Good, but that is old news
For every dead muslim, the world becomes a safer place.


----------



## StriperAddict (Mar 6, 2011)

jason4445 said:


> Nigerian Christians Attack Muslims, Kill Dozens
> 
> Seems like you over looked these accounts - whoever thought these would happen?



Seems you overlooked "first blood",
_whoever thought these would happen?_



> Between the February 24, 2004 Islamic attacks and the revenge attack by  Christians on May 2, 2004, _Muslims committed at least 22 separate  attacks against the Christian population_ of the area, including the  murder of a local Christian man that _triggered the Yelwa incident._


----------



## jason4445 (Mar 6, 2011)

So it is Christian to think that two wrongs Muslims attacking Christians and Christians attacking Muslims, makes a right in the eyes of God.  Who drew right blood, man sounds like 4th grade playground - Timmy hit me first.


----------



## StriperAddict (Mar 6, 2011)

jason4445 said:


> So it is Christian to think that two wrongs Muslims attacking Christians and Christians attacking Muslims, makes a right in the eyes of God.  Who drew right blood, man sounds like 4th grade playground - Timmy hit me first.

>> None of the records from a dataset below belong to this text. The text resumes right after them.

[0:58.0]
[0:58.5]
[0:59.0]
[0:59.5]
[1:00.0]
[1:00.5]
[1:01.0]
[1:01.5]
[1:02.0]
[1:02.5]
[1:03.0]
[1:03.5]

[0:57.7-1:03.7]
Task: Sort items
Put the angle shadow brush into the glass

Yeah, and our military should have left well enough alone after 9/11.  

I'm not about to take another life for no cause but if I was in the military, I would fight to defend this nation from terrorism.  Sounds to me like you would have me/us defect??  Maybe that's where you're coming from?  Sorry, I can't bite that one then.  

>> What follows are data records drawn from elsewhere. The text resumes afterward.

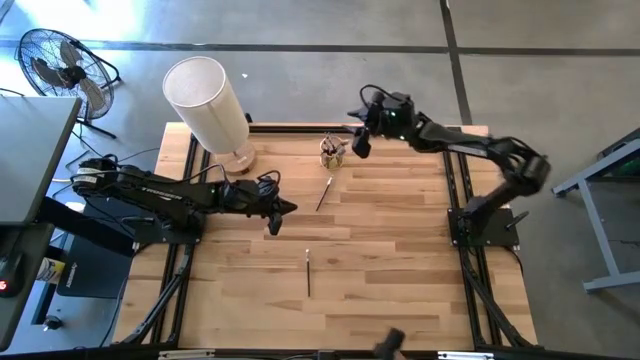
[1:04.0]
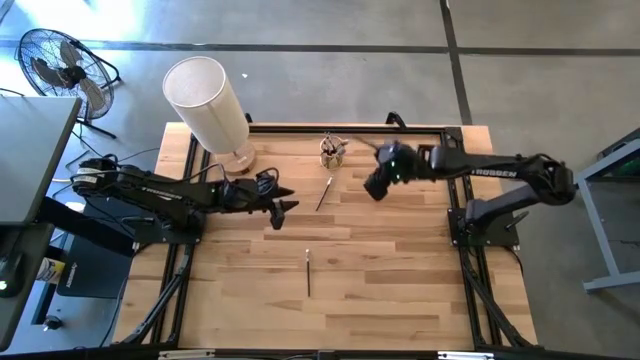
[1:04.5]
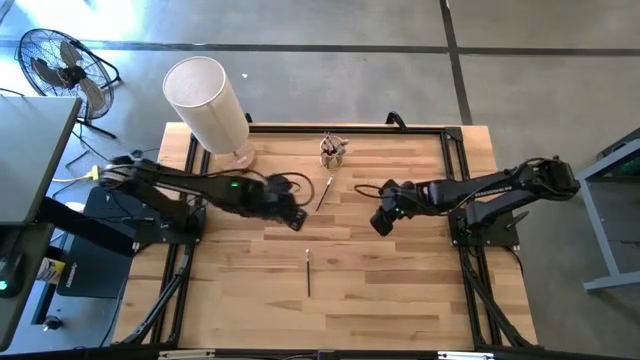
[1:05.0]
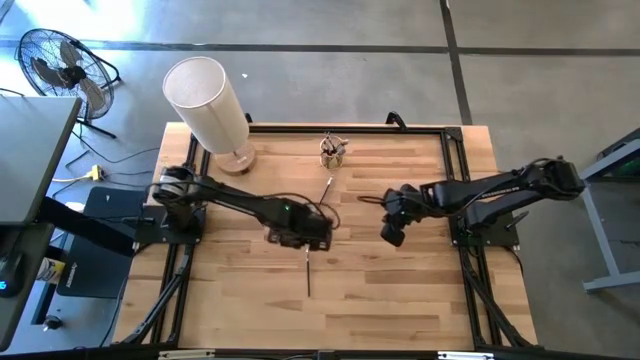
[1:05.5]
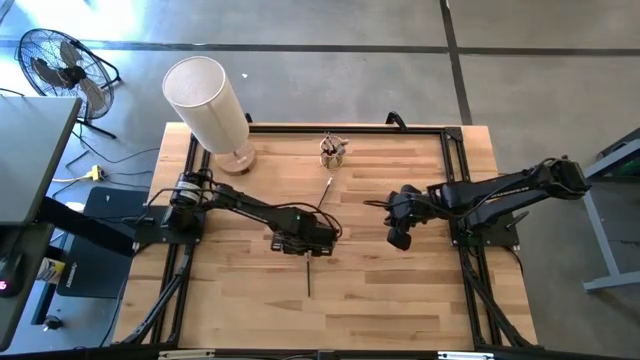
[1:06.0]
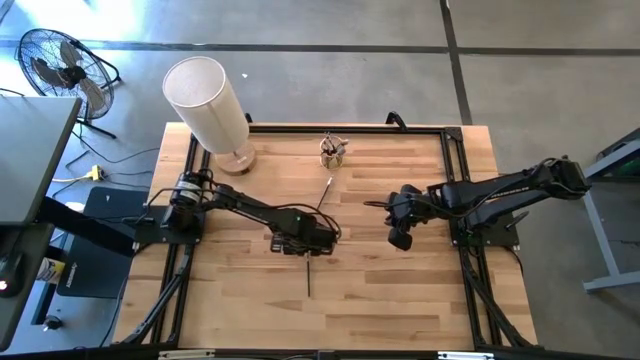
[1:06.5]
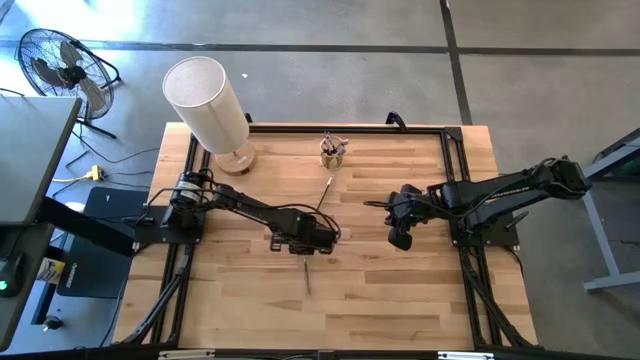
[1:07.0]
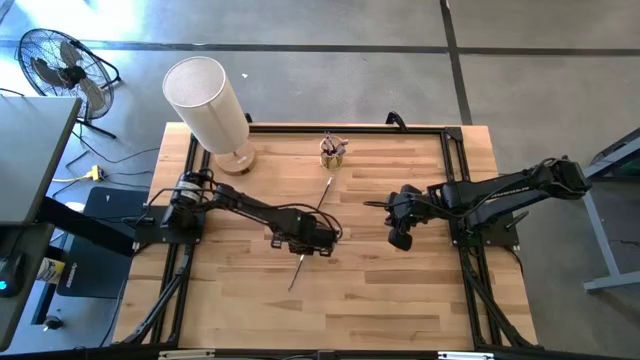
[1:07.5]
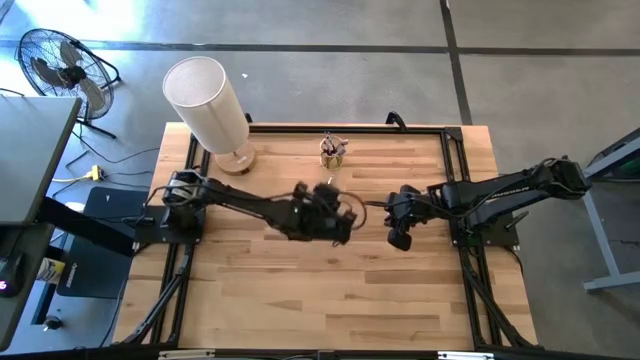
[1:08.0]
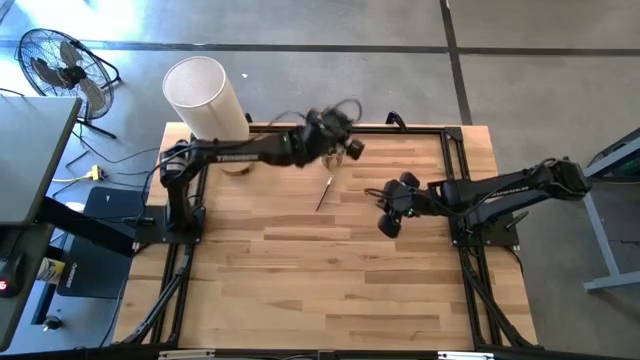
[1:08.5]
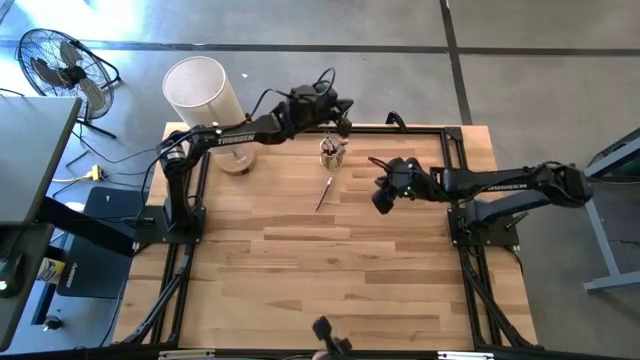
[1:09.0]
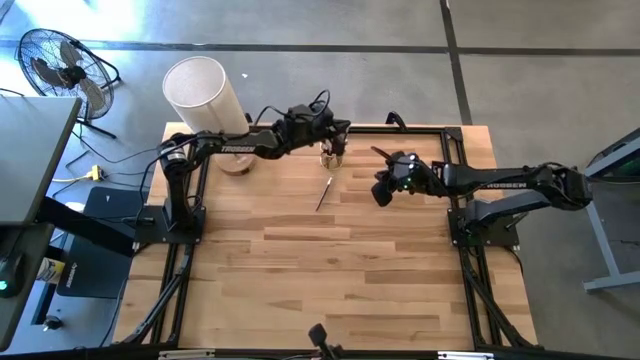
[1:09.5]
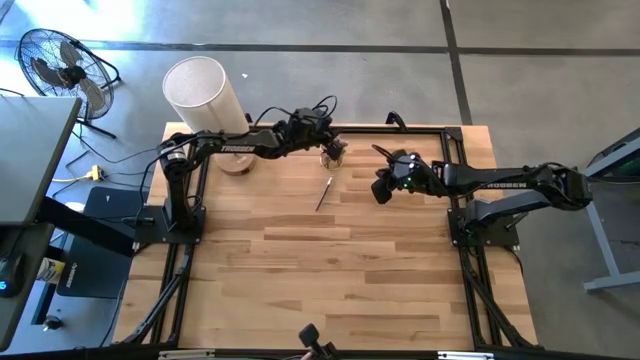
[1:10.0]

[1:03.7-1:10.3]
Put the angle shadow brush into the glass

If the Yelwa response was extreme, that is between those Christians and their Lord.


----------



## Lowjack (Mar 6, 2011)

jason4445 said:


> So it is Christian to think that two wrongs Muslims attacking Christians and Christians attacking Muslims, makes a right in the eyes of God.  Who drew right blood, man sounds like 4th grade playground - Timmy hit me first.



I don't think any Christians has said that here.


----------



## thedeacon (Mar 6, 2011)

I wasn't there so I don't know if it was in self defense or not. 

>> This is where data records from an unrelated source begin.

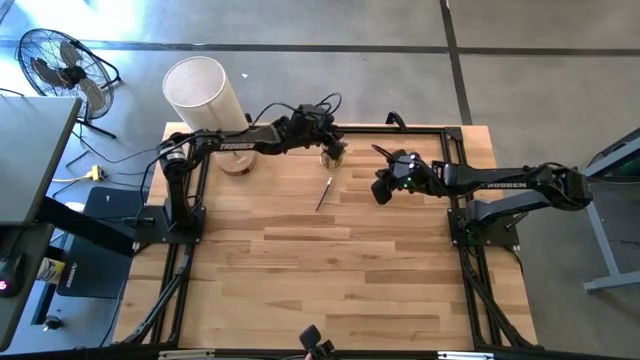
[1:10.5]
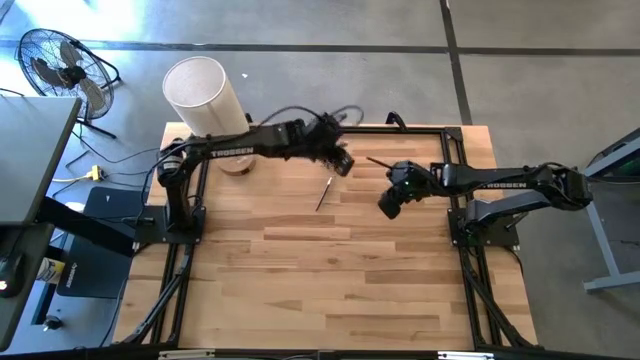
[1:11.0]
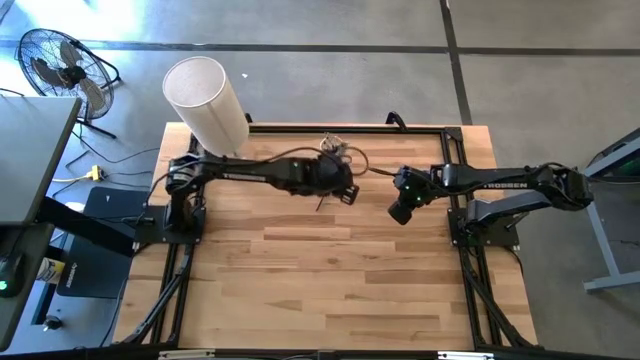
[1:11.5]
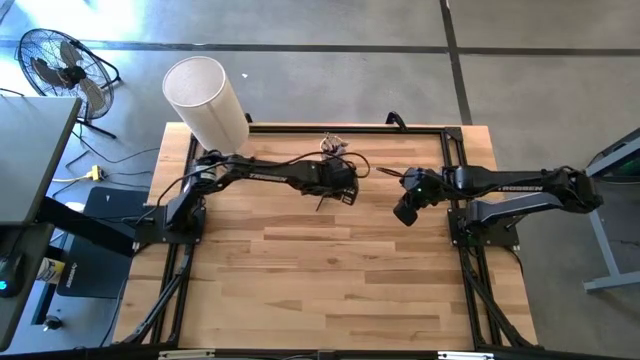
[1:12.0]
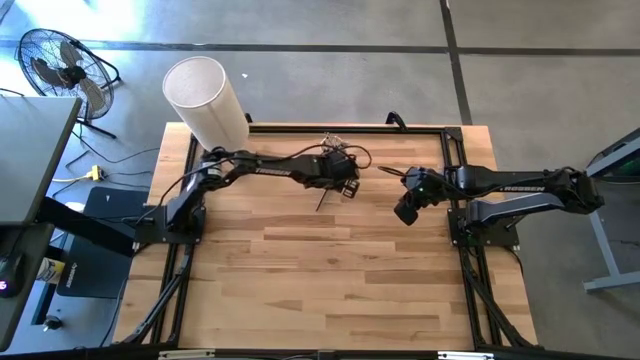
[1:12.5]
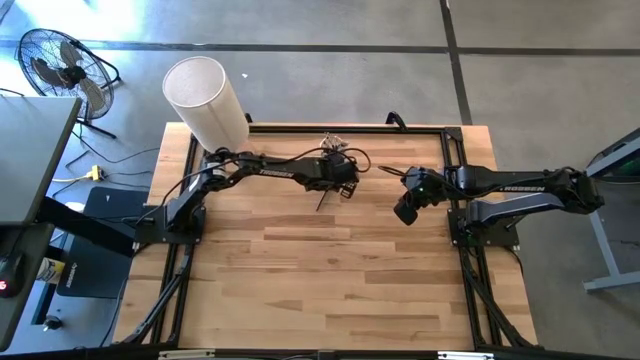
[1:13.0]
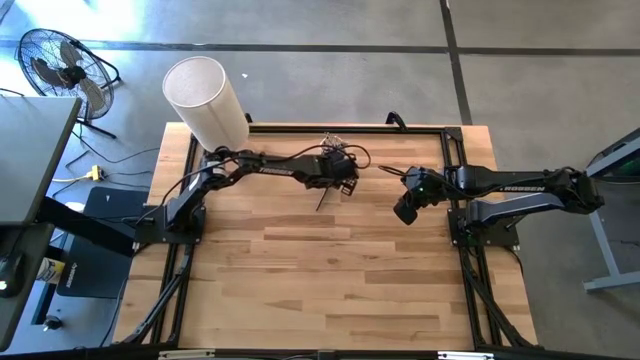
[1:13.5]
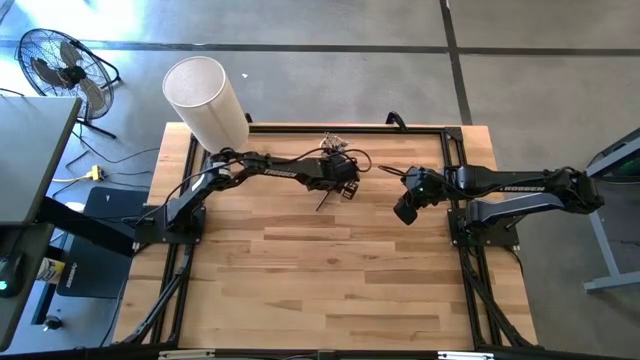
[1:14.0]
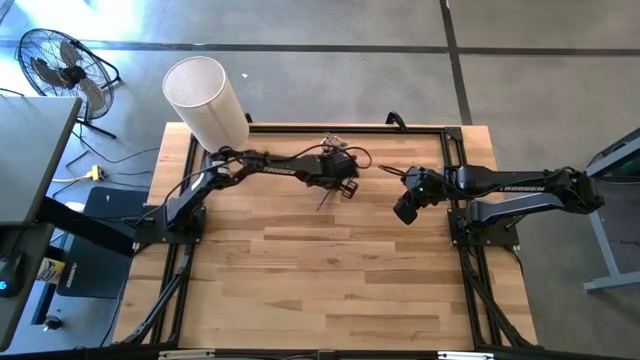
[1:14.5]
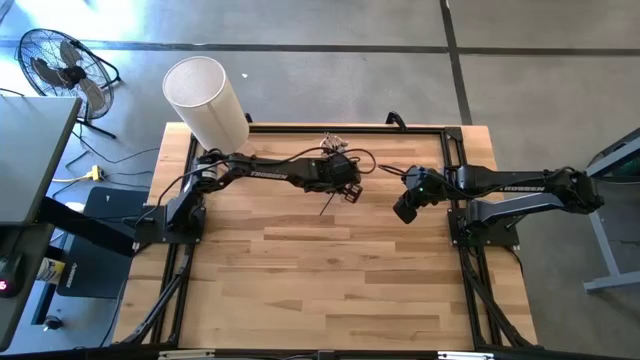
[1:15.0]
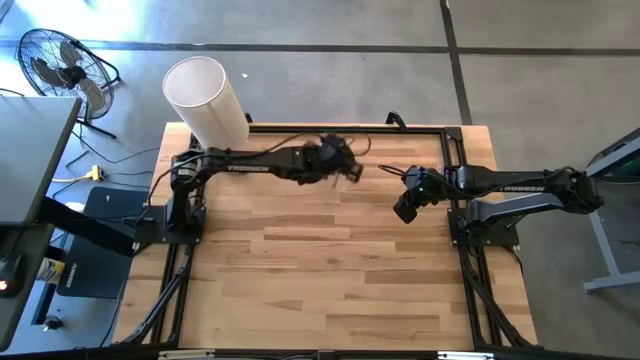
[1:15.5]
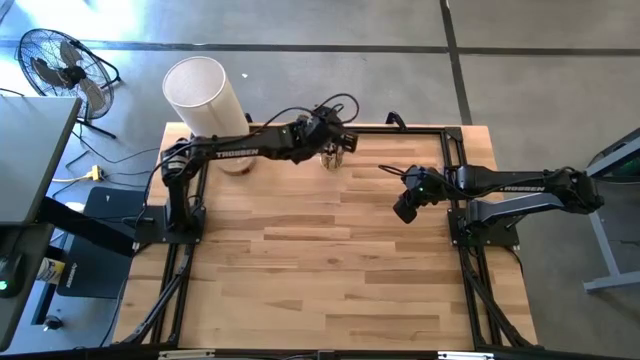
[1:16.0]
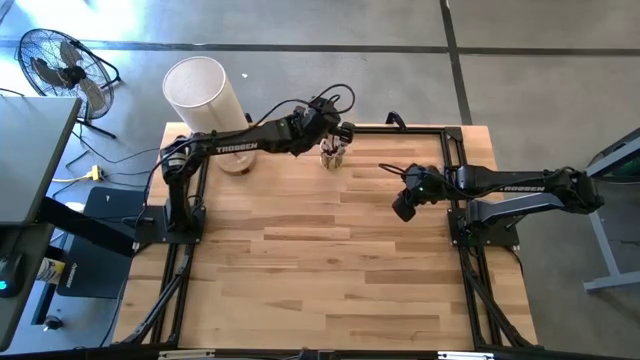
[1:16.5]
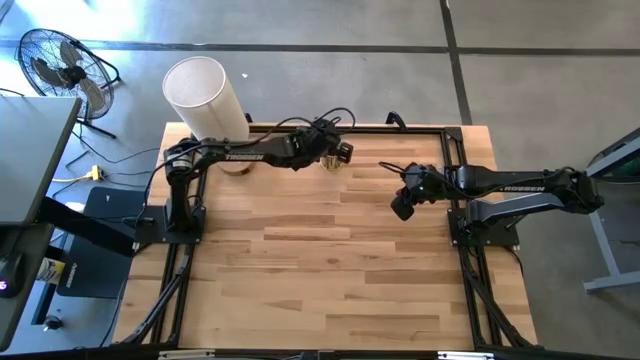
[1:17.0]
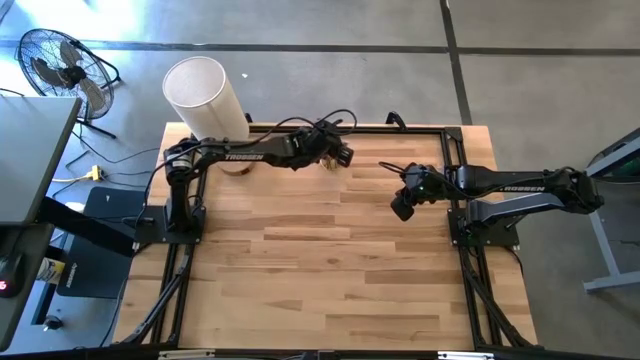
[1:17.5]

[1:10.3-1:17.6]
Put the angle shadow brush into the glass

I do know that I don't trust the news reports.

I think before a Christian acts on anything especially an act of aggresion he should stop and think about what he is doing and ask for guidance, unless of course it is in self defense.

Sometimes we are to quick to pull the literal sword. We need to pick our physical battles very carefully. I don't think God is ever happy with war. Thousands of years ago God sent his people into battle but I think his intentions in this despensation was not war but love and peace.

This nation as a whole needs to truly turn its eyes on God.

Just the opinion of a dum ole country boy.


----------



## jason4445 (Mar 6, 2011)

It is my belief that when the apex of his creations can find no other means than to war to settle their problems God becomes so disgusted he goes off and takes a nap as we blow and chop each other to pieces.


----------